There is a curious drama in the presence of the two brewers in overalls in this picture of the Truman Brewery in Brick Lane, looking like ants by comparison with the tall coppers towering above, each with the capacity for boiling four hundred barrels of liquid. Can you even find the second brewer, high on a gantry up above his colleague busy stirring with a long pole?

This is an illustration of the crucial stage in the brewing process when the hops are added to the boiling “wort,” as the malt infused liquor is called before it becomes beer. Yet in spite of the awe-inspiring modernity of this vision, you can still see the smallest of the coppers in the top left corner within the shell of the seventeenth century brewhouse, itself enclosed by the vast brewery that grew up around it.

The contrast between the heroic scale of the brewing operation and the figures of cloth-capped workmen looks absurd today. The industrialisation of the process which this sequence of pictures celebrate is unremarkable to us, it is the presence of the wooden barrels and use of horsepower that we find exotic. This is a quaint English modernity which has more in common with W. Heath Robinson than Fritz Lang. The agricultural illustrations of the cultivation of barley show a haywain reminiscent of John Constable’s work and stooks of corn upon the hillside as you would see in a landscape by Samuel Palmer.

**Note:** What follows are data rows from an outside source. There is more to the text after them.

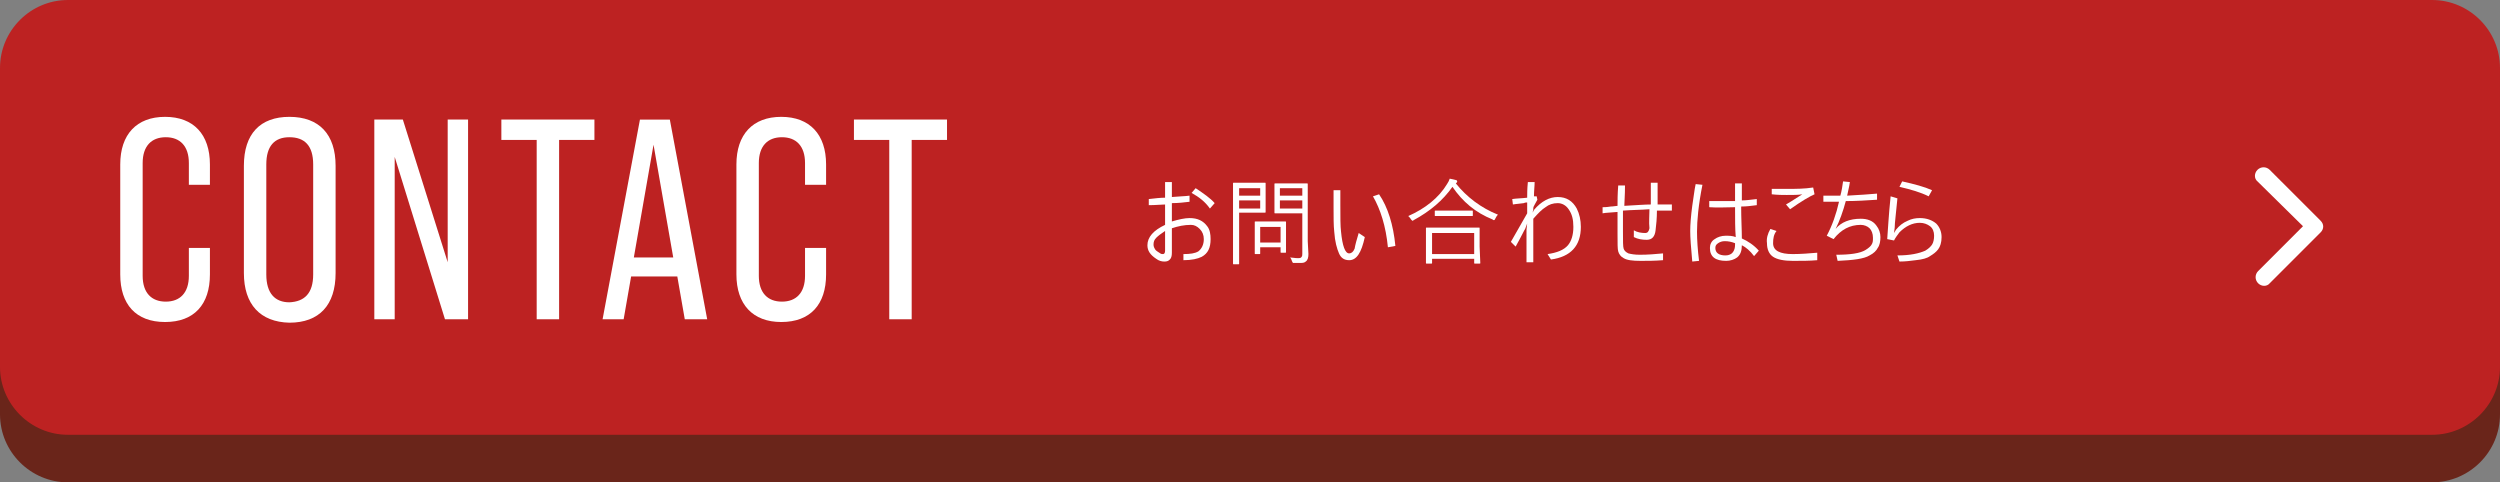 <?xml version="1.0" encoding="utf-8"?>
<!-- Generator: Adobe Illustrator 27.8.1, SVG Export Plug-In . SVG Version: 6.00 Build 0)  -->
<svg version="1.1" id="レイヤー_1" xmlns="http://www.w3.org/2000/svg" xmlns:xlink="http://www.w3.org/1999/xlink" x="0px"
	 y="0px" viewBox="0 0 368 71" style="enable-background:new 0 0 368 71;" xml:space="preserve">
<rect x="0" y="0" width="368" height="71" fill="#808080" stroke="none"/>
<style type="text/css">
	.st0{fill:#6A251A;}
	.st1{fill:#BD2222;}
	.st2{enable-background:new    ;}
	.st3{fill:#FFFFFF;}
</style>
<g id="btn-contact-sp" transform="translate(-4 -590)">
	<path id="長方形_577" class="st0" d="M14,597h348c5.5,0,10,4.5,10,10v44c0,5.5-4.5,10-10,10H14c-5.5,0-10-4.5-10-10v-44
		C4,601.5,8.5,597,14,597z"/>
	<path id="長方形_576" class="st1" d="M14,590h348c5.5,0,10,4.5,10,10v44c0,5.5-4.5,10-10,10H14c-5.5,0-10-4.5-10-10v-44
		C4,594.5,8.5,590,14,590z"/>
	<g class="st2">
		<path class="st3" d="M175.5,619.1v-2.3h1v2.2c1-0.1,1.9-0.1,2.6-0.2v0.9c-0.8,0.1-1.7,0.2-2.6,0.2v2.7c1-0.3,1.9-0.5,2.6-0.5
			c1.2,0,2,0.4,2.6,1.2c0.4,0.5,0.5,1.2,0.5,1.9c0,1.3-0.4,2.1-1.3,2.6c-0.6,0.3-1.5,0.5-2.7,0.5v-0.9c1,0,1.7-0.1,2.2-0.4
			c0.5-0.4,0.8-1,0.8-1.8c0-0.6-0.2-1.1-0.6-1.5c-0.4-0.4-0.8-0.6-1.3-0.6c-1,0-1.9,0.2-2.8,0.5v3.6c0,0.5-0.1,0.8-0.3,1
			c-0.2,0.2-0.4,0.3-0.8,0.3c-0.4,0-0.8-0.1-1.2-0.4c-0.9-0.6-1.3-1.2-1.3-2c0-1.2,0.9-2.2,2.6-3v-3c-0.5,0-1.4,0.1-2.4,0.1v-0.9
			C174,619.2,174.8,619.1,175.5,619.1z M175.5,624c-0.6,0.4-1,0.7-1.3,1c-0.3,0.3-0.4,0.6-0.4,1c0,0.3,0.1,0.5,0.3,0.8
			c0.2,0.2,0.4,0.3,0.7,0.5c0.1,0.1,0.3,0.1,0.4,0.1c0.2,0,0.3-0.2,0.3-0.5V624z M179.4,618.4l0.6-0.7c1.2,0.8,2.2,1.5,2.8,2.2
			l-0.7,0.8C181.4,619.7,180.5,619,179.4,618.4z"/>
		<path class="st3" d="M190.3,621.2c0,0.1,0,0.1-0.1,0.1l-1.4,0h-2.4v4.6l0,2.9c0,0.1,0,0.1-0.1,0.1h-0.7c-0.1,0-0.1,0-0.1-0.1
			l0-2.9v-6l0-2.9c0-0.1,0-0.1,0.1-0.1l1.6,0h1.6l1.4,0c0.1,0,0.1,0,0.1,0.1l0,1.3v1.6L190.3,621.2z M189.5,618.8v-1.1h-3.1v1.1
			H189.5z M189.5,620.7v-1.2h-3.1v1.2H189.5z M193.3,627.1c0,0.1,0,0.1-0.1,0.1h-0.6c-0.1,0-0.1,0-0.1-0.1v-0.7h-3v0.9
			c0,0.1,0,0.1-0.1,0.1h-0.6c-0.1,0-0.1,0-0.1-0.1l0-2.2v-1l0-1.4c0-0.1,0-0.1,0.1-0.1l1.4,0h1.6l1.4,0c0.1,0,0.1,0,0.1,0.1l0,1.1
			v1.1L193.3,627.1z M192.5,625.7v-2.3h-3v2.3H192.5z M196.6,627.4c0,0.5-0.1,0.9-0.4,1.1c-0.1,0.1-0.3,0.2-0.6,0.2
			c-0.2,0-0.6,0-1.1,0c-0.1,0-0.2,0-0.2,0c0,0,0-0.1-0.1-0.2c-0.1-0.2-0.1-0.4-0.3-0.6c0.3,0,0.7,0.1,1.1,0.1c0.3,0,0.5,0,0.6-0.2
			c0.1-0.1,0.1-0.3,0.1-0.5v-5.9h-2.5l-1.5,0c-0.1,0-0.1,0-0.1-0.1l0-1.2v-1.8l0-1.2c0-0.1,0-0.1,0.1-0.1l1.5,0h1.7l1.5,0
			c0.1,0,0.1,0,0.1,0.1l0,2v6.4L196.6,627.4z M195.7,618.8v-1.1h-3.3v1.1H195.7z M195.7,620.7v-1.2h-3.3v1.2H195.7z"/>
		<path class="st3" d="M204,624.3l0.9,0.6c-0.5,2.3-1.2,3.4-2.3,3.4c-0.7,0-1.2-0.3-1.5-1c-0.3-0.7-0.6-1.7-0.7-3.2
			c-0.1-0.9-0.1-2.1-0.1-3.5l0-2.6h1l0,2.2c0,1.8,0,3.1,0.1,3.9c0.2,2.1,0.6,3.2,1.2,3.2c0.3,0,0.6-0.2,0.8-0.7
			C203.5,626,203.7,625.3,204,624.3z M206.1,618.9l0.9-0.3c1.3,1.9,2.1,4.5,2.4,7.6l-1.1,0.2C208,623.3,207.2,620.8,206.1,618.9z"/>
		<path class="st3" d="M224.5,621.6c-0.2,0.2-0.3,0.4-0.4,0.6c-0.1,0.2-0.1,0.2-0.2,0.2c-0.1,0-0.1,0-0.2-0.1
			c-2.5-1-4.4-2.6-5.9-4.8c-1.4,2-3.3,3.6-5.7,4.9c-0.1,0.1-0.2,0.1-0.2,0.1c0,0-0.1-0.1-0.2-0.2c-0.1-0.2-0.3-0.4-0.4-0.5
			c2.5-1.1,4.5-2.7,5.7-4.7c0.2-0.3,0.3-0.5,0.4-0.8c0.4,0.1,0.6,0.1,0.9,0.2c0.1,0,0.2,0.1,0.2,0.2c0,0.1,0,0.1-0.1,0.2l-0.1,0.1
			C219.9,619,222,620.6,224.5,621.6z M221.9,628.7c0,0.1,0,0.1-0.1,0.1h-0.7c-0.1,0-0.1,0-0.1-0.1v-0.6h-6.2v0.6
			c0,0.1,0,0.1-0.1,0.1H214c-0.1,0-0.1,0-0.1-0.1l0-2.4v-1.1l0-1.6c0-0.1,0-0.1,0.1-0.1l1.9,0h3.9l1.9,0c0.1,0,0.1,0,0.1,0.1l0,1.4
			v1.3L221.9,628.7z M221,627.4v-3.1h-6.2v3.1H221z M220.8,621.7c0,0.1,0,0.1-0.1,0.1l-1.6,0h-2.2l-1.6,0c-0.1,0-0.1,0-0.1-0.1v-0.6
			c0-0.1,0-0.1,0.1-0.1l1.6,0h2.2l1.6,0c0.1,0,0.1,0,0.1,0.1V621.7z"/>
		<path class="st3" d="M229.9,616.7c0,0.7-0.1,1.4-0.1,2.2l0.4,0l0.1,0.5c-0.3,0.6-0.6,1-0.6,1.2l0,0.2l-0.1,0.5l0.2-0.4
			c1.1-1.3,2.3-1.9,3.5-1.9c1.3,0,2.2,0.6,2.8,1.7c0.4,0.8,0.6,1.7,0.6,2.7c0,2.8-1.5,4.4-4.4,4.8l-0.5-0.8c1.4-0.2,2.4-0.6,3-1.3
			c0.5-0.6,0.8-1.5,0.8-2.7c0-1.1-0.2-1.9-0.7-2.6c-0.4-0.6-1-0.9-1.6-0.9c-0.7,0-1.3,0.2-1.8,0.6c-0.5,0.3-1.1,0.9-1.8,1.7
			c0,0.5,0,1.4,0,2.7c0,1.8,0,3,0,3.7h-1c0-2.1,0-3.7,0-4.8l0.1-0.9l-0.3,0.8c-0.1,0.1-0.5,1-1.4,2.6l-0.7-0.7
			c0.8-1.4,1.6-2.8,2.4-4.2l0-1.6c-0.1,0-0.3,0-0.5,0.1c-0.6,0.1-1.1,0.1-1.6,0.2l-0.1-0.8c0.6-0.1,1.4-0.1,2.2-0.2
			c0-0.5,0-1.3,0.1-2.3H229.9z"/>
		<path class="st3" d="M246.8,620.8c-1.3,0.1-2.6,0.1-3.9,0.2c0,1.1,0,2.2,0,3.1c0,1.4,0,2.2,0.1,2.5c0.1,0.3,0.3,0.5,0.7,0.7
			c0.4,0.1,0.9,0.2,1.7,0.2c1.2,0,2.3-0.1,3.4-0.2v1c-1.2,0.1-2.3,0.1-3.3,0.1c-1.2,0-2-0.1-2.5-0.4c-0.4-0.2-0.7-0.6-0.8-1
			c-0.1-0.3-0.1-1.2-0.1-2.6c0-0.6,0-1.6,0-3.2c-1,0.1-1.7,0.1-2.2,0.2v-0.9c0.2,0,0.6,0,1.2-0.1c0.4,0,0.8-0.1,1-0.1
			c0-0.7,0-1.7,0.1-3h1c0,1.5-0.1,2.5-0.1,3c1.8-0.1,3.1-0.2,3.9-0.2c0-0.7,0-1.8,0-3.2h1c0,1.1,0,2.1,0,3.2c0.2,0,0.6,0,1.1,0
			c0.4,0,0.8,0,1,0v0.9l-2.2,0c0,1.1-0.1,2.1-0.2,2.9c-0.1,0.9-0.5,1.4-1.3,1.4c-0.7,0-1.3-0.1-1.9-0.4v-1c0.5,0.3,1.1,0.4,1.7,0.4
			c0.3,0,0.5-0.2,0.6-0.7C246.7,622.7,246.8,621.8,246.8,620.8z"/>
		<path class="st3" d="M254.6,617.2c-0.6,3-0.8,5.3-0.8,6.9c0,1.2,0.1,2.7,0.3,4.3l-1,0.1c-0.2-2.1-0.3-3.6-0.3-4.5
			c0-0.9,0.1-2.2,0.3-3.7c0.2-1.2,0.3-2.3,0.5-3.2L254.6,617.2z M260.3,620.4c0,1.8,0.1,3.4,0.1,4.7c0.9,0.4,1.8,1,2.5,1.8l-0.7,0.8
			c-0.6-0.8-1.2-1.3-1.8-1.6c0,0.8-0.2,1.4-0.7,1.8c-0.4,0.3-1,0.5-1.6,0.5c-1.6,0-2.4-0.6-2.4-1.9c0-0.5,0.2-1,0.7-1.3
			c0.4-0.3,1-0.5,1.6-0.5c0.5,0,1,0,1.5,0.2c-0.1-1.2-0.1-2.7-0.1-4.4c-1.3,0-2.5,0.1-3.8,0v-0.9c1.1,0,2.4,0,3.8,0V617h1
			c0,0.6,0,1.4,0,2.5c0.6,0,1.3-0.1,2.2-0.2v0.9C261.8,620.3,261.1,620.4,260.3,620.4z M259.4,625.8c-0.5-0.2-1-0.3-1.5-0.3
			c-0.4,0-0.7,0.1-1,0.3c-0.3,0.2-0.4,0.4-0.4,0.7c0,0.7,0.5,1.1,1.5,1.1c0.5,0,0.9-0.2,1.1-0.5c0.2-0.3,0.3-0.6,0.3-1.1V625.8z"/>
		<path class="st3" d="M264.6,623.7l0.9,0.3c-0.4,0.5-0.5,1.1-0.5,1.8c0,1.1,1,1.6,2.9,1.6c1.2,0,2.4-0.1,3.6-0.2l0,1.1
			c-1.1,0.1-2.3,0.1-3.6,0.1c-1.3,0-2.3-0.2-2.9-0.6c-0.6-0.4-0.9-1.1-0.9-2C264,625.1,264.2,624.4,264.6,623.7z M264.8,617.8
			c0.6,0,1.4,0,2.5,0c1.1,0,2.3,0,3.6-0.2l0.2,1c-0.7,0.3-1.9,1-3.6,2.2l-0.6-0.7c0.2-0.1,1-0.6,2.4-1.5c-0.6,0.1-1.3,0.1-2.3,0.1
			c-0.6,0-1.3,0-2.2-0.1V617.8z"/>
		<path class="st3" d="M274.7,619.7c-0.9,0-1.6,0-2.3,0v-0.9c0.8,0,1.7,0,2.5,0c0.2-0.7,0.3-1.4,0.4-2.1l1,0.1
			c-0.1,0.8-0.3,1.4-0.4,2c1.8-0.1,3.3-0.2,4.4-0.3v0.9c-1.5,0.1-3.1,0.2-4.6,0.2c-0.4,1.5-0.9,2.9-1.5,4.1l0,0
			c0.8-1,2.1-1.5,3.7-1.5c1,0,1.8,0.3,2.3,1c0.4,0.5,0.6,1.1,0.6,1.7c0,0.6-0.1,1.2-0.4,1.6c-0.2,0.4-0.6,0.8-1.2,1.1
			c-0.8,0.5-2.4,0.7-4.7,0.8l-0.2-0.9c2,0,3.5-0.2,4.3-0.7c0.5-0.3,0.8-0.6,0.9-0.8c0.2-0.3,0.2-0.6,0.2-1c0-0.6-0.2-1.1-0.5-1.4
			c-0.3-0.3-0.8-0.5-1.3-0.5c-1.6,0-2.9,0.7-4,2.1l-1-0.5C273.7,623.2,274.3,621.5,274.7,619.7z"/>
		<path class="st3" d="M283.3,619.2c-0.2,2.2-0.4,3.6-0.4,4.3l-0.1,0.8l0.3-0.5c0.5-0.6,1-1,1.7-1.3c0.6-0.3,1.2-0.4,1.8-0.4
			c1,0,1.8,0.3,2.4,0.8c0.5,0.5,0.8,1.2,0.8,2c0,0.8-0.2,1.4-0.5,1.8c-0.3,0.4-0.7,0.7-1.2,1c-0.4,0.3-1.1,0.5-2.1,0.6
			c-0.8,0.1-1.5,0.2-2.4,0.2l-0.3-0.9c1.9,0,3.2-0.3,4.1-0.7c0.5-0.3,0.8-0.6,1-0.9c0.2-0.3,0.3-0.8,0.3-1.3c0-0.6-0.2-1.1-0.6-1.4
			c-0.4-0.3-0.9-0.5-1.5-0.5c-1.1,0-2.1,0.5-3,1.4c-0.3,0.4-0.6,0.8-0.8,1.2l-1-0.2c0.1-1.3,0.2-3.4,0.5-6.3L283.3,619.2z
			 M283.6,617.5l0.4-0.8c1.8,0.4,3.3,0.8,4.4,1.3l-0.5,0.9C286.7,618.3,285.3,617.9,283.6,617.5z"/>
	</g>
	<g class="st2">
		<path class="st3" d="M21.7,630.4v-16.2c0-4.4,2.4-7,6.6-7c4.2,0,6.6,2.6,6.6,7v3h-3.1V614c0-2.5-1.3-3.8-3.4-3.8
			c-2.1,0-3.4,1.3-3.4,3.8v16.6c0,2.5,1.3,3.8,3.4,3.8c2.1,0,3.4-1.3,3.4-3.8v-4.1h3.1v3.9c0,4.4-2.3,7-6.6,7
			C24,637.4,21.7,634.8,21.7,630.4z"/>
		<path class="st3" d="M39.9,630.2v-15.8c0-4.7,2.4-7.2,6.7-7.2c4.4,0,6.8,2.6,6.8,7.2v15.8c0,4.7-2.4,7.3-6.8,7.3
			C42.3,637.4,39.9,634.8,39.9,630.2z M50.1,630.4v-16.2c0-2.8-1.3-4-3.5-4c-2.2,0-3.4,1.3-3.4,4v16.2c0,2.8,1.3,4.1,3.4,4.1
			C48.8,634.4,50.1,633.2,50.1,630.4z"/>
		<path class="st3" d="M59.1,607.6h4.2l6.6,21v-21h3V637h-3.4l-7.4-23.9V637h-3V607.6z"/>
		<path class="st3" d="M83,610.6h-5.2v-3h13.7v3h-5.2V637H83V610.6z"/>
		<path class="st3" d="M103.7,630.7h-6.8l-1.1,6.3h-3.1l5.5-29.4h4.4l5.5,29.4h-3.3L103.7,630.7z M103.1,627.9l-2.9-16.6l-2.9,16.6
			H103.1z"/>
		<path class="st3" d="M112.4,630.4v-16.2c0-4.4,2.4-7,6.6-7c4.2,0,6.6,2.6,6.6,7v3h-3.1V614c0-2.5-1.3-3.8-3.4-3.8
			c-2.1,0-3.4,1.3-3.4,3.8v16.6c0,2.5,1.3,3.8,3.4,3.8c2.1,0,3.4-1.3,3.4-3.8v-4.1h3.1v3.9c0,4.4-2.3,7-6.6,7
			C114.8,637.4,112.4,634.8,112.4,630.4z"/>
		<path class="st3" d="M134.9,610.6h-5.2v-3h13.7v3h-5.2V637h-3.3V610.6z"/>
	</g>
	<path id="Icon_ionic-ios-arrow-back" class="st3" d="M343,623.3l-6.6,6.6c-0.5,0.5-0.5,1.3,0,1.8c0.5,0.5,1.3,0.5,1.7,0l7.5-7.5
		c0.5-0.5,0.5-1.2,0-1.7l-7.5-7.5c-0.5-0.5-1.3-0.5-1.8,0c-0.5,0.5-0.5,1.3,0,1.7L343,623.3z"/>
</g>
</svg>

These intriguing pictures were created as a supplement to The Black Eagle Magazine, published by Truman Hanbury & Buxton in 1931, and grant a rare glimpse into the working life of the brewery that flourished here for over three hundred years.

Yet, although these pictures were designed to elucidate the brewing process, in fact they merely serve to romance the alchemical mystery even further. The text of the accompanying brochure contains some elegant obfuscation too.

“Living things have ever an individuality of their own which defies mere rule of thumb government. Brewing is not merely an elaborate process of manufacture, but it includes in it the application of man’s brain power as scientist and technician, to guide the processes of nature, and to help understand something of life’s basic but baffling problems: food, health and clean surroundings.”

These artists’ impressions seem to imply that the brewery contained another reality, stranger the outer world and containing magical possibilities. A notion enforced by references to the use of a Jacob’s Ladder, Archimidean Screw and Dust Destroying Plant, while the language of “sparging” the “wort” evokes a universe as bizarre as anything Tolkien imagined.

Yet it was all real, a discrete society with its own arcane language and culture that evolved during three centuries in Brick Lane until it modernised itself out of existence. What touches me in these curious pictures are the small human figures – often hidden or partially concealed in the background – and the few artefacts on their scale, the sinks, buckets, barrels and jugs, which appear miniature beside the industrial scale brewing equipment.

A mixture of machinery and horsepower was used in the production of barley in 1931

East Enders travelled down to Kent each year to work as hop pickers

Barley arrived at the maltings, where it was hauled up to the top storey, spread out onto the floor and covered with water, turned daily for ten to twelve days, and thinned out when it began to germinate. Then the barley was transferred to the malt kiln and heated until it reached two hundred degrees farenheit. The malt, as it now was, came from the kiln and was cooled before being stored.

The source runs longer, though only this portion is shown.